10 May 2021
Naoyuki Terashita
Research & Development Group, Hitachi, Ltd.
Expanding applications [1, 2] of generative adversarial networks (GANs) makes improving the generative performance of models increasingly crucial. An effective approach to improve machine learning models is to identify training instances that “harm” the model’s performance. Recent studies [3, 4] replaced traditional manual screening of a dataset with “influence estimation.” They evaluated the harmfulness of a training instance based on how the performance is expected to change when the instance is removed from the dataset. An example of a harmful instance is a wrongly labeled instance (e.g., a “dog” image labeled as a “cat”). Influence estimation judges this “cat labeled dog image” as a harmful instance when the removal of “cat labeled dog image” is predicted to improve the performance (Figure 1)

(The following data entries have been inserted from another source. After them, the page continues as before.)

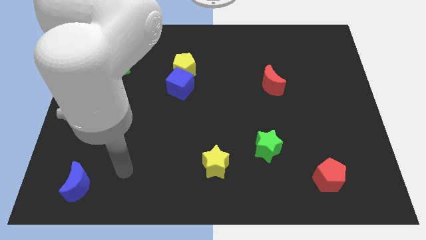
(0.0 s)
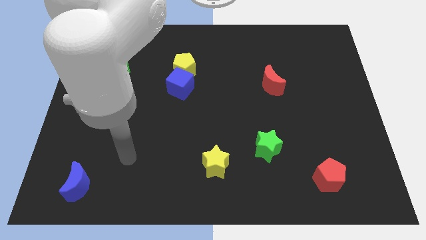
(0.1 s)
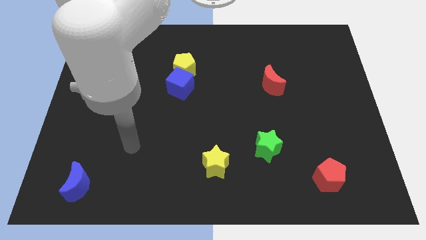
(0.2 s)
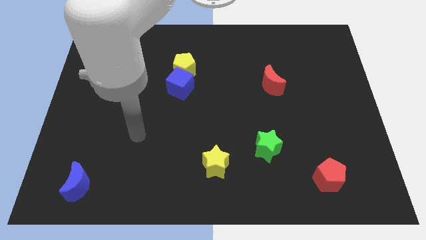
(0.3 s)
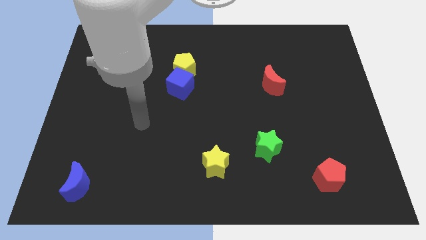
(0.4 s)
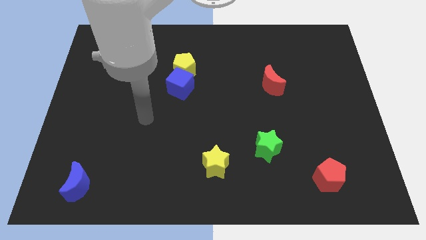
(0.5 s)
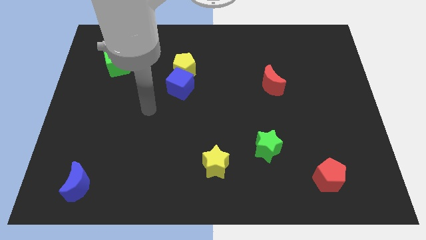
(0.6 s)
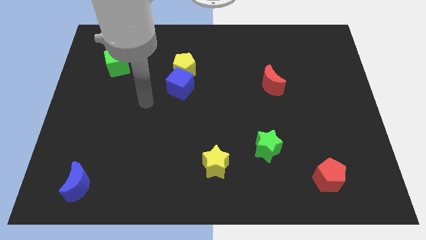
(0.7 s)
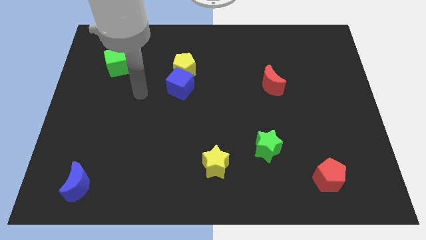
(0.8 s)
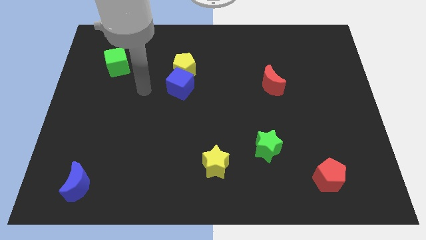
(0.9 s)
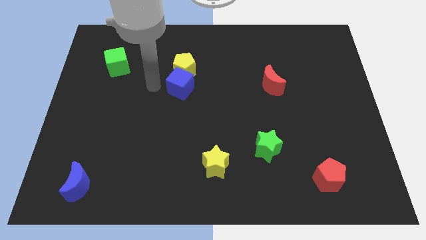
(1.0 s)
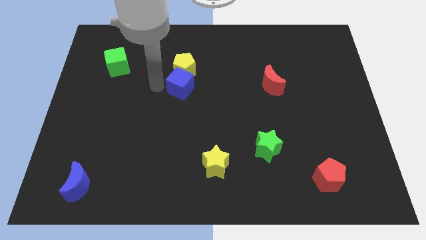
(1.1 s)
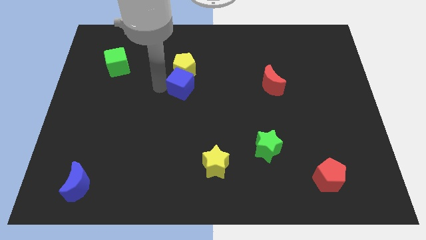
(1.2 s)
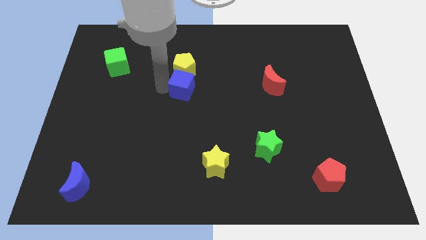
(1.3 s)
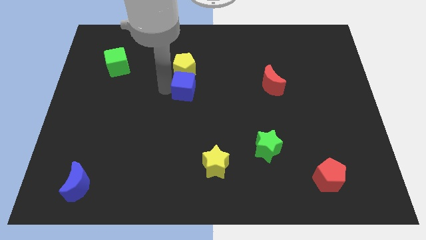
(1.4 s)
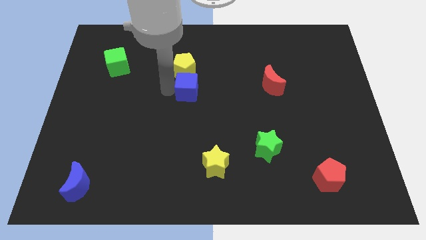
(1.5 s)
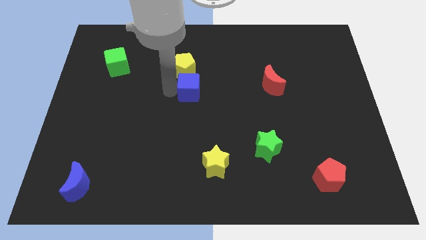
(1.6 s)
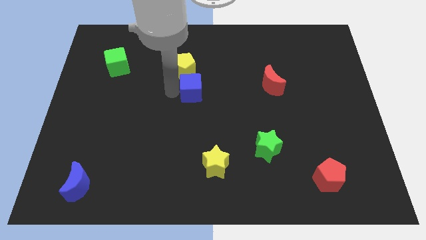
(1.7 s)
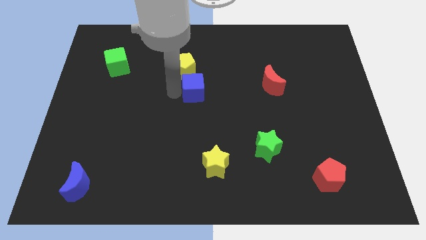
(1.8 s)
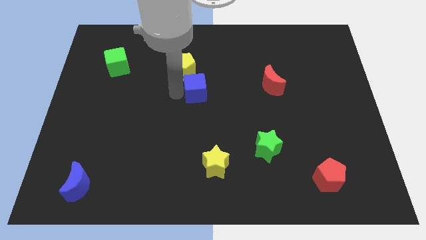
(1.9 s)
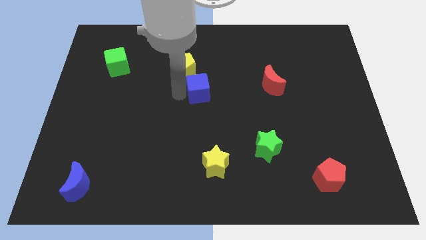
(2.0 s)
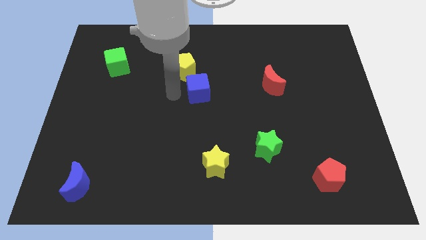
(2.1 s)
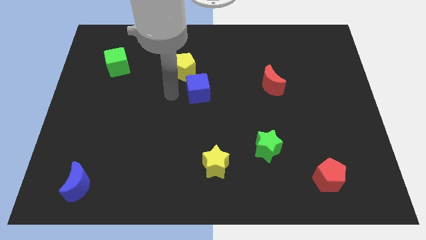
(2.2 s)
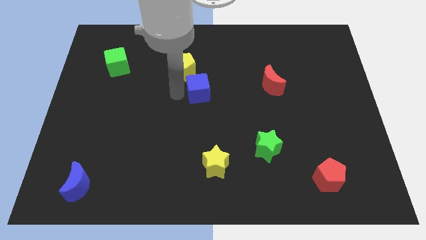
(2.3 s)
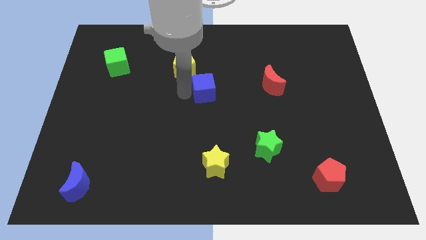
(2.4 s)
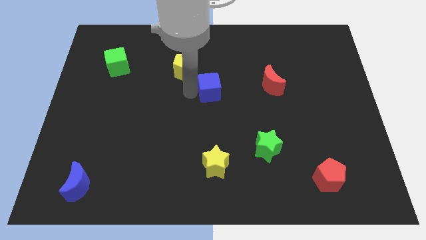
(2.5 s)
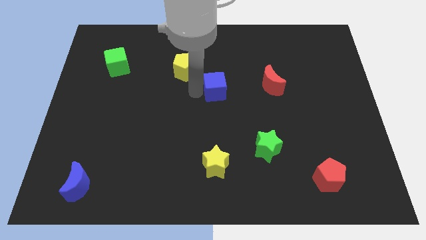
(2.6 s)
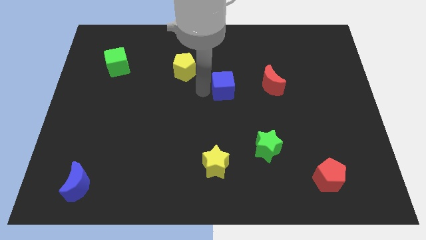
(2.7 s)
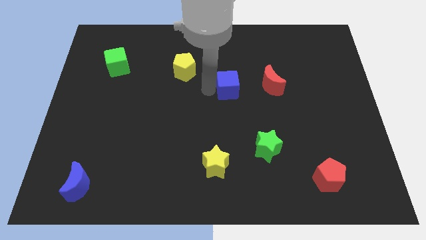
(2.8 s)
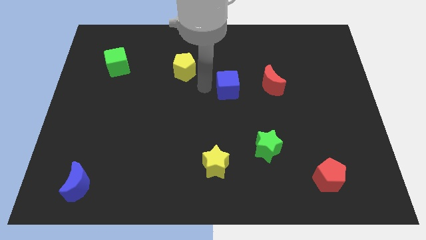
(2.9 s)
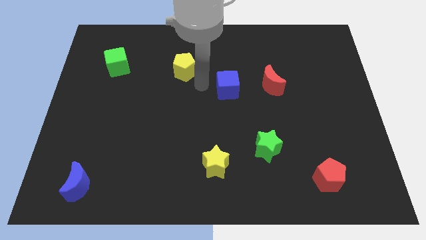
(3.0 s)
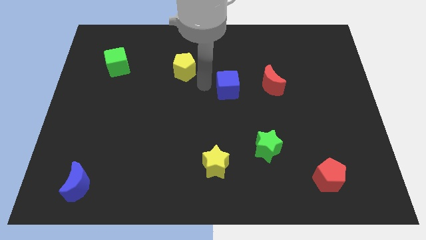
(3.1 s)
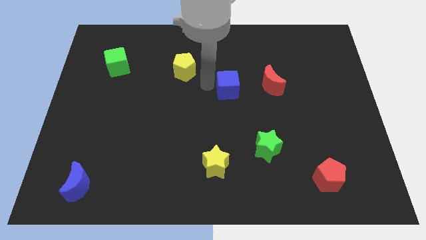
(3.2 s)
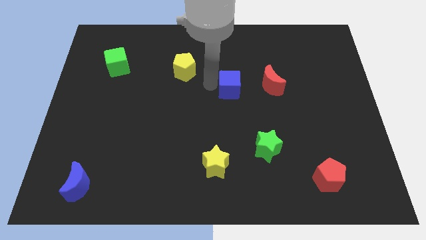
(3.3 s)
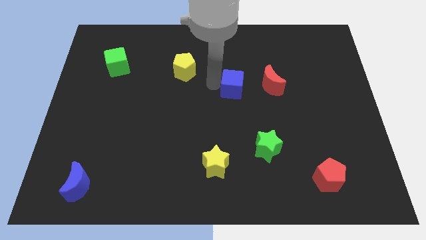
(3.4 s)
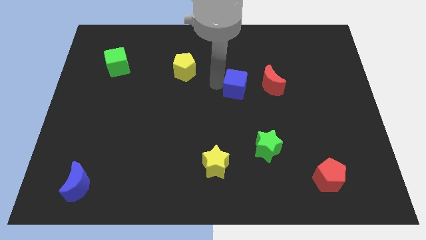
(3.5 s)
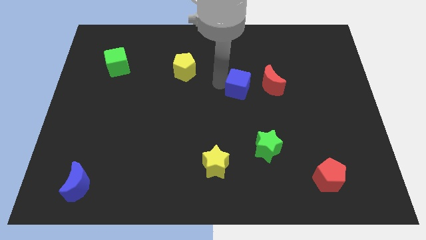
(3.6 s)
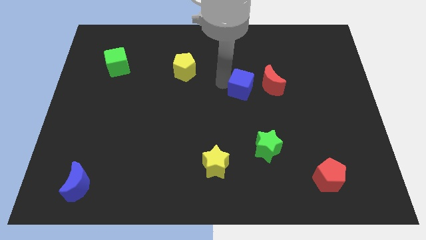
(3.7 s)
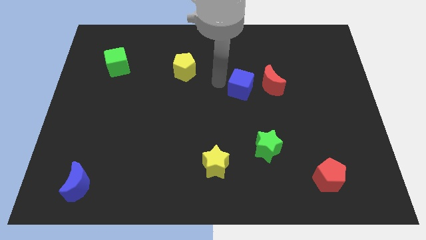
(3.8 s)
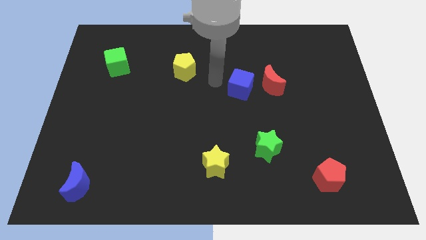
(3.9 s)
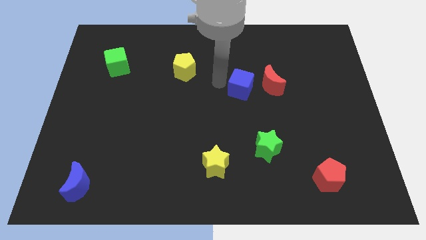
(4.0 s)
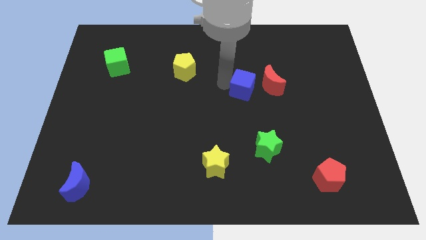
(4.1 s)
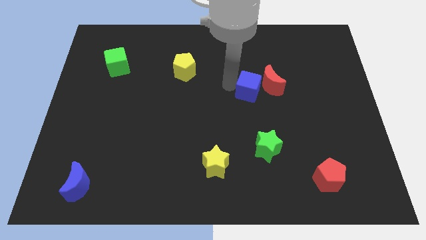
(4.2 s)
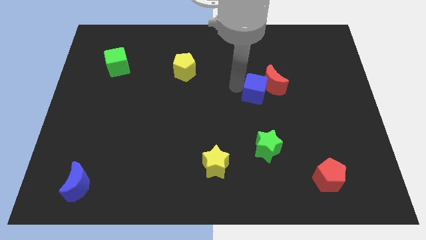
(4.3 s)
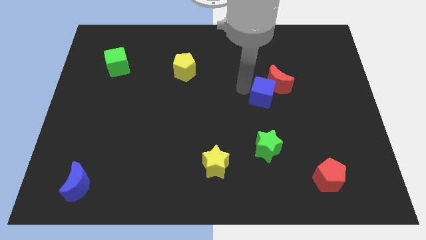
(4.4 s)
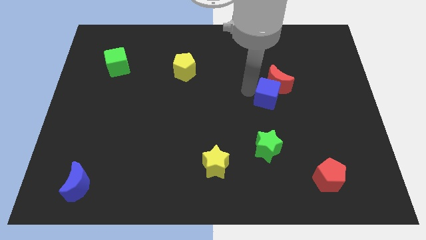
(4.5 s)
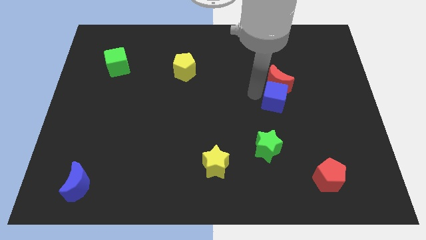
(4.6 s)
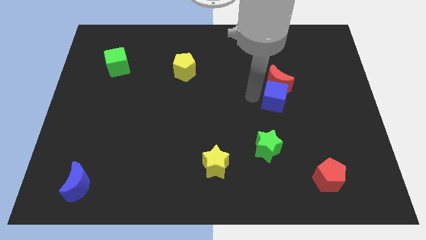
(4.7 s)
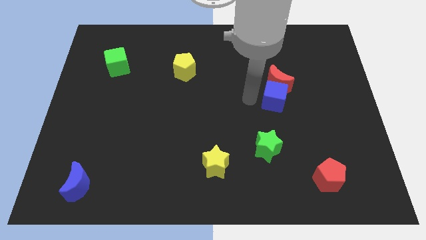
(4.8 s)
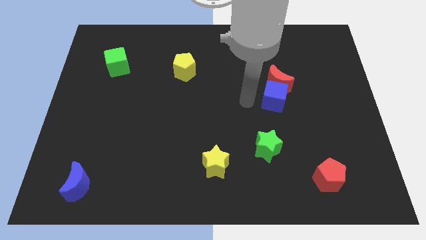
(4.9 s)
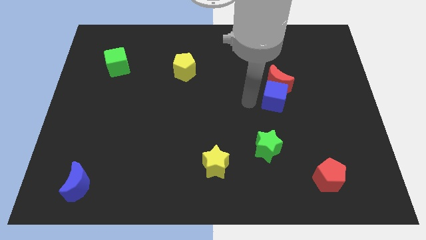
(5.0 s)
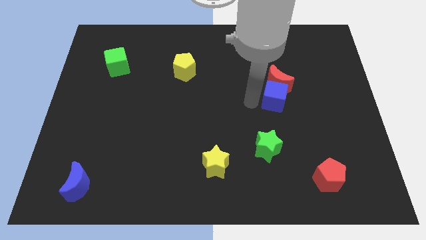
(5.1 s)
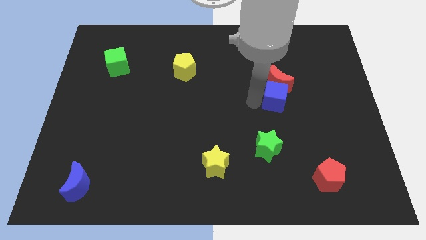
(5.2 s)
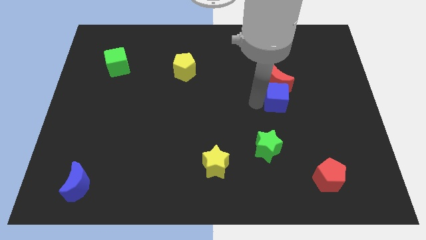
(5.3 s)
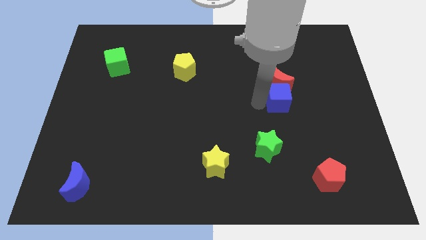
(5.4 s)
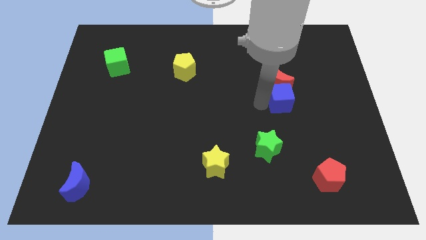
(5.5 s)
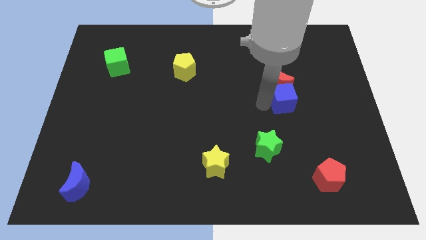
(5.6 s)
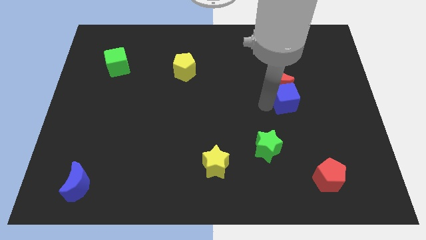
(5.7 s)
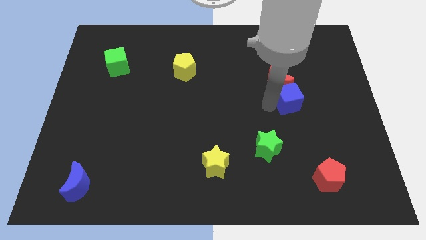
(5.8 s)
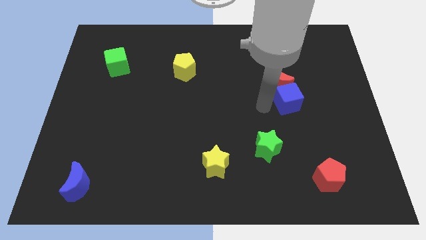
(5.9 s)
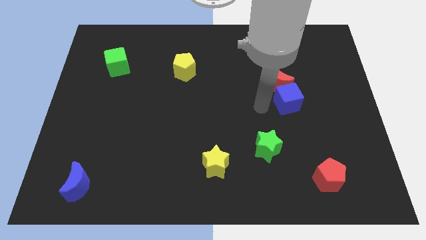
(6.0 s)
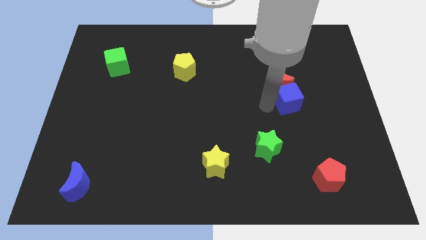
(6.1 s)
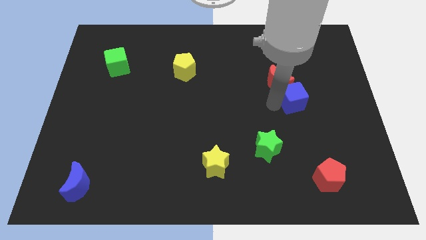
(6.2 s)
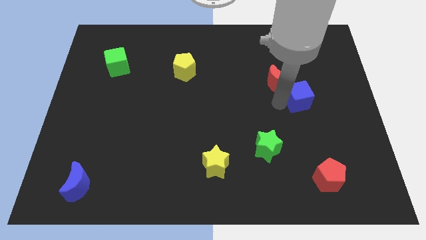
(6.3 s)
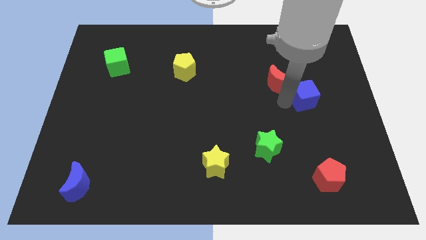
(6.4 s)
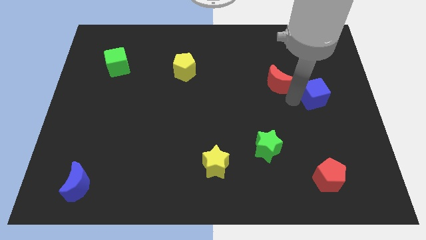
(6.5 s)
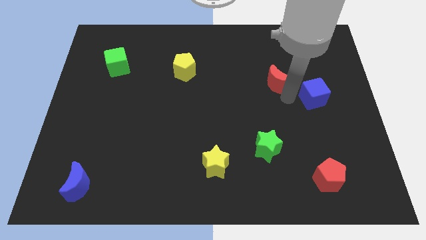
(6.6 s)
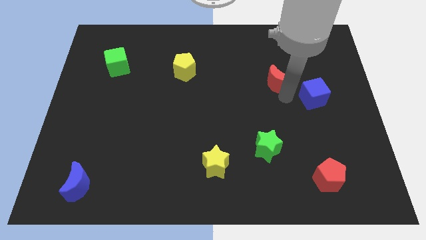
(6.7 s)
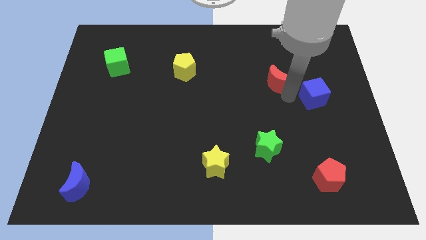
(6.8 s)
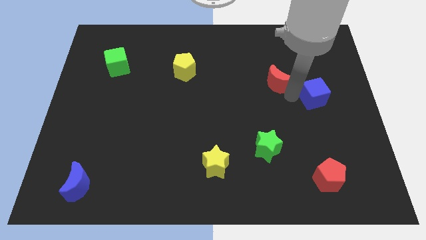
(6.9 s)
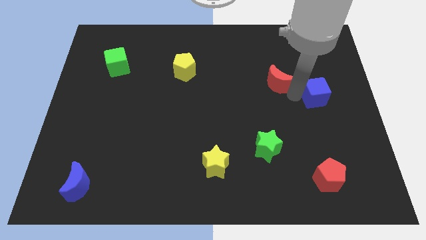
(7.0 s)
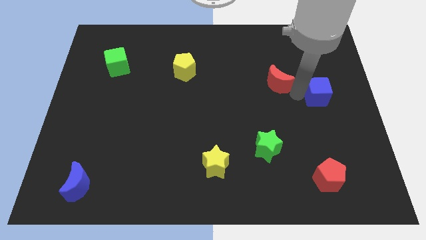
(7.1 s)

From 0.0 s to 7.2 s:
put the blue cube to the right side of the board

Figure 1: Example of a harmful instance in supervised learning
Previous studies have succeeded in identifying harmful instances in supervised learning, such as a classification task. Supervised learning is normally a one-model setting, in which there is a single model and thus the absence of a training instance directly affects the model. Extending previous approaches to GANs is not an easy task because GANs are trained on two-model settings; a generator tries to generate realistic samples and a discriminator tries to correctly classify whether the samples are real or generated or real. The training instances are thus only fed into the discriminator and they “indirectly” affect the generator (Figure 2).

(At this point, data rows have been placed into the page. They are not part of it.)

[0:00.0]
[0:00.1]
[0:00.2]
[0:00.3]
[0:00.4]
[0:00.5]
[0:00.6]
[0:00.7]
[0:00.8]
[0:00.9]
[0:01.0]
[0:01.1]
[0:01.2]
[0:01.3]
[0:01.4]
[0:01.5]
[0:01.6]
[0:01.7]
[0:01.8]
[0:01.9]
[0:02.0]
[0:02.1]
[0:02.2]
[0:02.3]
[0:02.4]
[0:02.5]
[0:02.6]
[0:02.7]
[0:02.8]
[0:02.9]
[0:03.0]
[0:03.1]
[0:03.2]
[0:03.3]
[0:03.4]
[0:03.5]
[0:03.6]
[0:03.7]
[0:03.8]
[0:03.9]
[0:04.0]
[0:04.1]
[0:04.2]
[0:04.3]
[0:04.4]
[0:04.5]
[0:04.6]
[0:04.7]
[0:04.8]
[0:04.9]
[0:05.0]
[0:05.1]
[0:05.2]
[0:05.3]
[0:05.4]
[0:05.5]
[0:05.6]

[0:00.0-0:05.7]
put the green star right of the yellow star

Figure 2: A major issue “indirect effect” of influence estimation for generative adversarial networks.
To solve this problem, we proposed a novel influence estimation method that uses the Jacobian of the gradient of the discriminator's loss with respect to the generator’s parameters (and vice versa) to trace how the absence of an instance in the discriminator’s training affects the generator. We also proposed to evaluate the harmfulness of an instance by estimating how a GAN evaluation metric is expected to improve when the instance is removed. We named this measure of the harmfulness “influence on GAN evaluation metric”.

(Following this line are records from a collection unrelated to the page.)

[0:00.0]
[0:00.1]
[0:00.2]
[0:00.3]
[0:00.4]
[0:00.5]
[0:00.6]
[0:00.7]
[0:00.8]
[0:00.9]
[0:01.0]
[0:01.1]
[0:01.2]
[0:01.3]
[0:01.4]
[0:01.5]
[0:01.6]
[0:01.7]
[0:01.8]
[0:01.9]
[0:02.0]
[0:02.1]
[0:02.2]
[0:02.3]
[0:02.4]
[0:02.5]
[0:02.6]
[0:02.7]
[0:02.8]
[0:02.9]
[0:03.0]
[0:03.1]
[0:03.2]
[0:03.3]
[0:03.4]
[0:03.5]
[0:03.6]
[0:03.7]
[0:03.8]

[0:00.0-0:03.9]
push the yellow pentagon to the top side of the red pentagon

The removal of suggested harmful instances based on “influence on GAN evaluation metric” was evaluated to see how it improved the performance of the generator. We tested two datasets: 2D multivariate Gaussian (2D-normal) and MNIST. Harmful instances in 2D-normal are identified based on influence on average log-likelihood (ALL). For MNIST, we estimated harmful instances based on influence on inception score (IS) [5] and Fréchet inception distance (FID) [6]. For both setups, instances were selected using baseline approaches: anomaly detection (Isolation Forest), influence on the discriminator loss (Disc. Loss), and random selection (Random). Figure 3 shows the average test GAN evaluation metrics across the repeated experiments with respect to the number of removed samples for each selection approach. For all the settings, our data cleansing approach statistically significantly improved the GAN evaluation metrics, showing higher performance compared to the baselines.
Figure 3: (a) Average log likelihood (ALL), (b) Inception score (IS), and (c) Fréchet inception distance (FID) evaluated with a test dataset and latent variables after data cleansing. The larger values for ALL and IS, and a smaller value for FID indicate better generative performance.
We also examined the characteristics of harmful instances. Overall, harmful instances were found to belong to regions from which the generator sampled too frequently compared to the true distribution (Figures 4a and 5a). Removing those instances alleviated over sampling which moved the generator distribution of 2D-Normal closer to the true distribution in Figure 4b, and the generated MNIST samples changed from the image of digit 1 to that of other digits after data cleansing (highlighted samples in Figures 5b and 5c).
Figure 4: Harmfulness of 2D-normal instances illustrated using (a) influence on ALL and (b) changes in the generator's distribution. (b) includes plots of the true distribution (True) and generator's distributions before (no removal) and after data cleansing (cleansed).
Figure 5: (a) top 36 harmful MNIST instances predicted based on influence on FID, and the test generated samples (b) before and (c) after data cleansing.
This is the first research that enables influence estimation in GANs. Our proposal has the potential to not only improve generative performance but also provide an important scope of the interpretability of the training dynamics of GANs. For more details, we encourage you to read our paper, "Influence Estimation for Generative Adversarial Networks" which was presented at The Ninth International Conference on Learning Representations (ICLR 2021) on 4 May 2021.